These are strange and dark days for college basketball. A year ago, an FBI investigation exposed the worst kept secret in the sport: the black market that exists for recruits because of the NCAA’s outdated amateurism rules. That case went to court this month in Manhattan, with a guilty verdict coming down on Wednesday that puts serious jail time in front of the former Adidas executives and agency middleman who were on trial.
Meanwhile, a new college basketball season is set to begin in just a couple short weeks. At ACC Media Day on Wednesday, Syracuse coach Jim Boeheim went in on the idea of paying college players, and took a shot at a former recruit who ended turning pro rather than honoring his commitment to the Orange. No less of an authority than LeBron James took notice.
LeBron James vs. Jim Boeheim happened on Twitter
Let’s start with Darius Bazley, the former five-star recruit who committed to Syracuse until he decided to renege on that commitment to join the G-League. Bazley ultimately reneged on that commitment, too, choosing instead to spend the entire year training for the NBA draft.

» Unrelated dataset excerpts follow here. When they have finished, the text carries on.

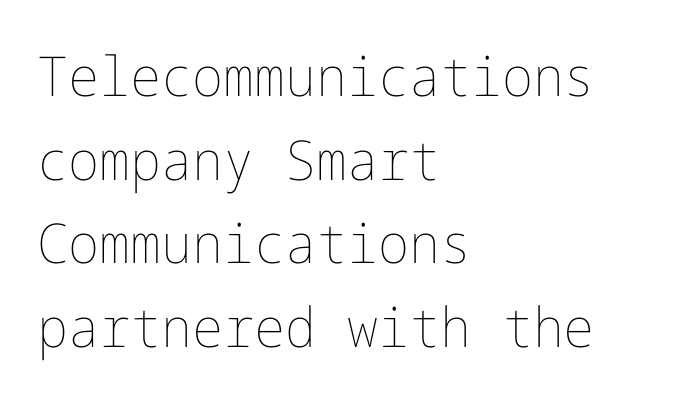
{"italic": "no", "bold": "no", "weight": "thin", "width": "normal", "stroke_contrast": "low", "x_height": "medium", "underline": "no", "align": "left", "line_spacing": "normal", "line_spacing_ratio": 1.52, "letter_spacing": "normal", "letter_spacing_em": 0.0, "glyph_px": 55}
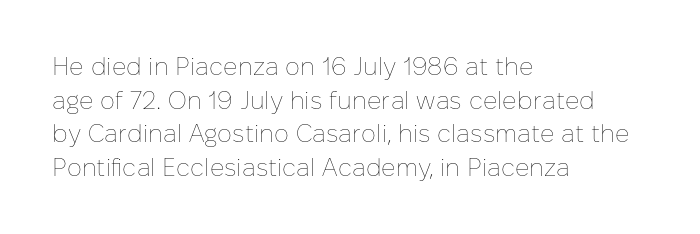
The image shows 25 px text type, upright; set left-aligned, normal line spacing (1.35x), normal letter spacing, not underlined.
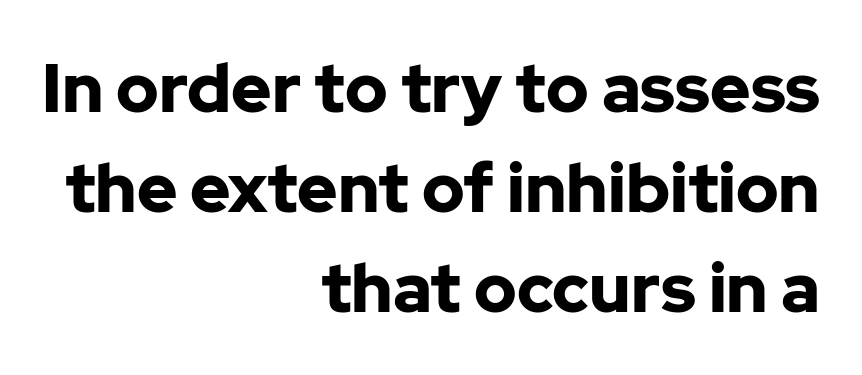
Q: Is the text bold? A: Yes.
Q: Is the text italic (slanted)? A: No, it is upright.
Q: Is the typeface a serif or a sans-serif typeface? A: Sans-serif.
Q: Is the text underlined? A: No.
Q: How is the paragraph aligned? A: Right-aligned.
Q: Is the spacing between letters normal or unusually wide? A: Normal.
Q: Is the spacing between lines tight, normal or loose? A: Normal.
Q: Width (condensed, normal, or wide)? A: Normal.
Q: Stroke contrast? A: Low.
Q: x-height? A: Medium.
Q: Monospaced? A: No.

Bazley signed a deal with Klutch Sports, the agency best known for being run by LeBron James’ long-time friend Rich Paul. Klutch helped Bazley ink an endorsement deal from New Balance which will pay him a guaranteed $1 million and as much as $14 million. When Boeheim was asked about Bazley at media day, he had this to say:
Jim Boeheim on former Syracuse signee Darius Bazley getting guaranteed $1 million deal with New Balance:— Jeff Goodman (@GoodmanHoops) October 24, 2018
“LeBron did a nice job helping his client. It is LeBron’s client, right?”
Bazley is, technically, a client of Klutch Sports, not James himself. Still, James couldn’t help but fire back:
Boeheim responded to James:
Not me! I’m happy for him! I wish him the best.— Jim Boeheim (@therealboeheim) October 24, 2018
This is all very silly, but congrats to Boeheim for the tweet.

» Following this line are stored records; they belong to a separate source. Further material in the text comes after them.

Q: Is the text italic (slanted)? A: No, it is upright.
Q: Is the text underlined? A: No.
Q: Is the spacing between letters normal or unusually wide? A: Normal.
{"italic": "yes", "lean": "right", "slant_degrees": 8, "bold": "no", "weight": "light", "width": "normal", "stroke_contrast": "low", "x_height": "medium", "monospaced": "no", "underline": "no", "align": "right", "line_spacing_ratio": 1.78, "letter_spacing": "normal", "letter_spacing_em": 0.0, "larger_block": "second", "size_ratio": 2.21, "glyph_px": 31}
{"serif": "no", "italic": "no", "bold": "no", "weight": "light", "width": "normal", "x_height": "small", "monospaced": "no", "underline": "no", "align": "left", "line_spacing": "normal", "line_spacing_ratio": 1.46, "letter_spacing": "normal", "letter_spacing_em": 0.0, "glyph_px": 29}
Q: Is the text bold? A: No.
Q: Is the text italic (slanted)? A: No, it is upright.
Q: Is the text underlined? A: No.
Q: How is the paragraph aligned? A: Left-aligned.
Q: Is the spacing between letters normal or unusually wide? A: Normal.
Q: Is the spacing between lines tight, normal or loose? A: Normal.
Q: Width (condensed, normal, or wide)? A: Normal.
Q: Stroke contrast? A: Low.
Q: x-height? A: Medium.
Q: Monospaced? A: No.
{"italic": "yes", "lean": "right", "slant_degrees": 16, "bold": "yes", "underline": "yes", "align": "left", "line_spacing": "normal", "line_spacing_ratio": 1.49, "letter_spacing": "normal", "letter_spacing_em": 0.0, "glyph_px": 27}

Boeheim on college basketball players getting paid: ‘they can keep their meal money’
In case you were wondering how Boeheim really feels about college players making money, he once again tackled that issue, too. Guess what! Boeheim thinks amateurism is great and that college basketball players don’t deserve a paycheck.
Boeheim today: "I don't think we should ever compensate players...They can keep their meal money... "Everybody says, 'The coach makes this and the players (0).' The player is 17 years old. I've been working my whole life. There's a lot of 17-year-old kids that don't make money.”— Jake Smith (@iKicked_) October 24, 2018
Here’s the full quote, via Syracuse.com:
“I don’t think we should ever compensate players. I think we can do as much as we can for players. The cost of attendance is good. They get more meals now so they can keep their meal money. I think those are all good things and I think more of those things should have been done. But I don’t think you can compensate players straight out. What’s the salary? How much? Do you pay football, men’s basketball, women’s basketball? We got a great lacrosse team, do we pay those guys?

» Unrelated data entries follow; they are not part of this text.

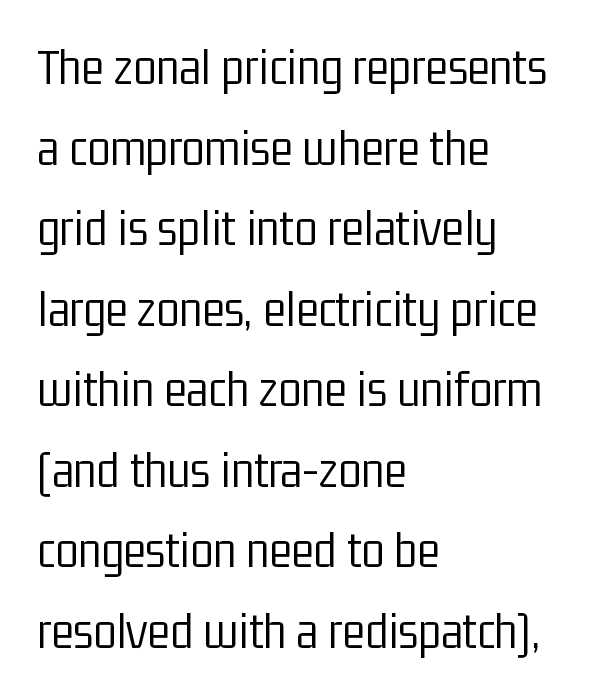
Q: Is the text bold? A: No.
Q: Is the text italic (slanted)? A: No, it is upright.
Q: Is the typeface a serif or a sans-serif typeface? A: Sans-serif.
Q: Is the text underlined? A: No.
Q: How is the paragraph aligned? A: Left-aligned.
Q: Is the spacing between letters normal or unusually wide? A: Normal.
Q: Is the spacing between lines tight, normal or loose? A: Normal.
Q: Width (condensed, normal, or wide)? A: Condensed.
Q: Stroke contrast? A: Low.
Q: x-height? A: Medium.
Q: Monospaced? A: No.
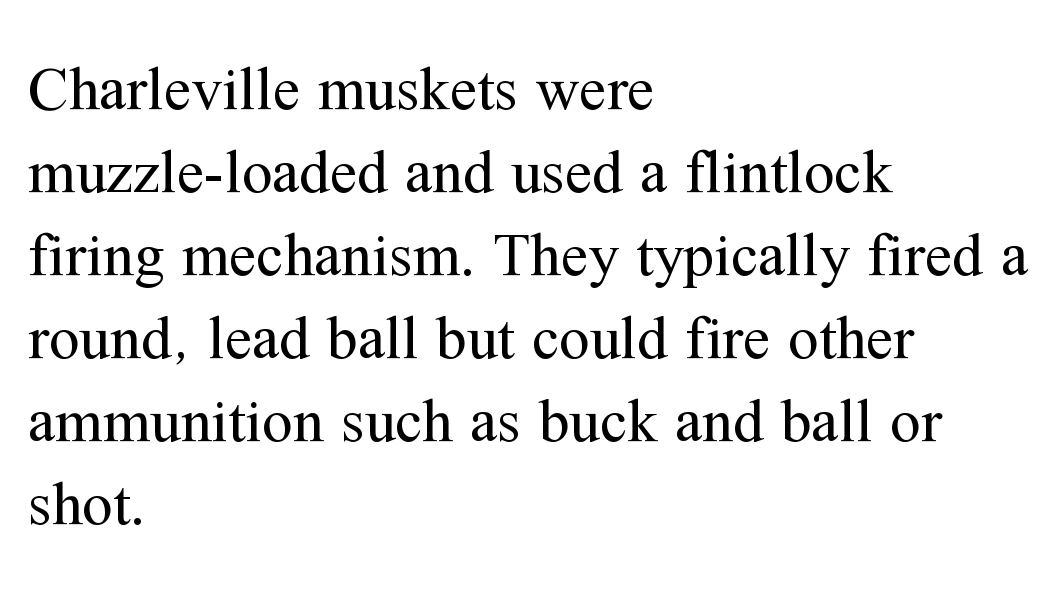
{"serif": "yes", "italic": "no", "bold": "no", "weight": "regular", "width": "normal", "stroke_contrast": "medium", "x_height": "medium", "monospaced": "no", "underline": "no", "align": "left", "line_spacing": "normal", "line_spacing_ratio": 1.36, "letter_spacing": "normal", "letter_spacing_em": 0.0, "glyph_px": 61}

“The fallacy of the payment thing and they all say the same exact thing: ‘It’s a billion dollar business.’ No, it’s not. There might be income coming in, but it goes to all the other sports. It’s not just coming into basketball and we’re keeping it all. We’re bringing it in and it’s paying for all the other sports. So at the end of the day, I know for a fact at Syracuse that it’s zero. We have zero money left in the athletic department at the end of the year. Without paying anybody.
”And everybody says, ‘The coach makes this and the players (don’t make anything).’ The player is 17 years old. I’ve been working my whole life. There’s a lot of 17-year-old kids that don’t make money. Most of them. These 17-year-old kids are getting a $75,000 scholarship. And they compare that to a coach making all this money. What’s the comparison there? I’m a grown man. I’ve been working for 50 years. That’s just not a comparison. It makes no sense. You might as well say that NBA players aren’t making enough money because the owner’s worth $2 billion. So the players should be making more money. It just makes no sense.
”I think we should do as much as we can for the players under the system. We have improved it. We could get the parents to games. I think we could do that more easily. Anything we can do extending the players’ educations, make sure it’s paid for. We keep our players up there at Christmas -- let’s send them home. Let’s pay for them to go home a couple times. Why not? Why can’t we do that? Why shouldn’t we do that? I think they do that for other scholarship people. I think they can get transportation. Why don’t we talk about that?
“And the players’ images, fine. There’s a lot of pitfalls for that, but go ahead. If Tyus Battle can do a commercial in town and make money, I’m 100 percent for that. It’s not hurting anything. Let’s do that. And if there’s something about that they want to put in a trust, that’s fine, too.”
Boeheim has been on this bend for years. The fact that he’s actually open to letting athletes profit off their likeness qualifies as a major victory for player rights at this point. Boeheim, at age 73, is not changing his opinion on this. There is plenty of money floating around college sports, even if Boeheim wants you to believe Syracuse has “zero” in the athletic department.
This debate isn’t going anywhere. There are still two more trials left in the FBI corruption case. The G-League is offering elite high school players $125K to skip college. The NBA is looking at abolishing its age limit in time for the 2022 draft. Meanwhile, a black market will still exist as long as there’s amateurism, and now people are going to federal prison for a long time because of it.
There will continue to be public fights between people like Boeheim and people like James. The NBA and the NCAA need to figure this out for real before more people end up in jail for breaking college sports’ outdated rules.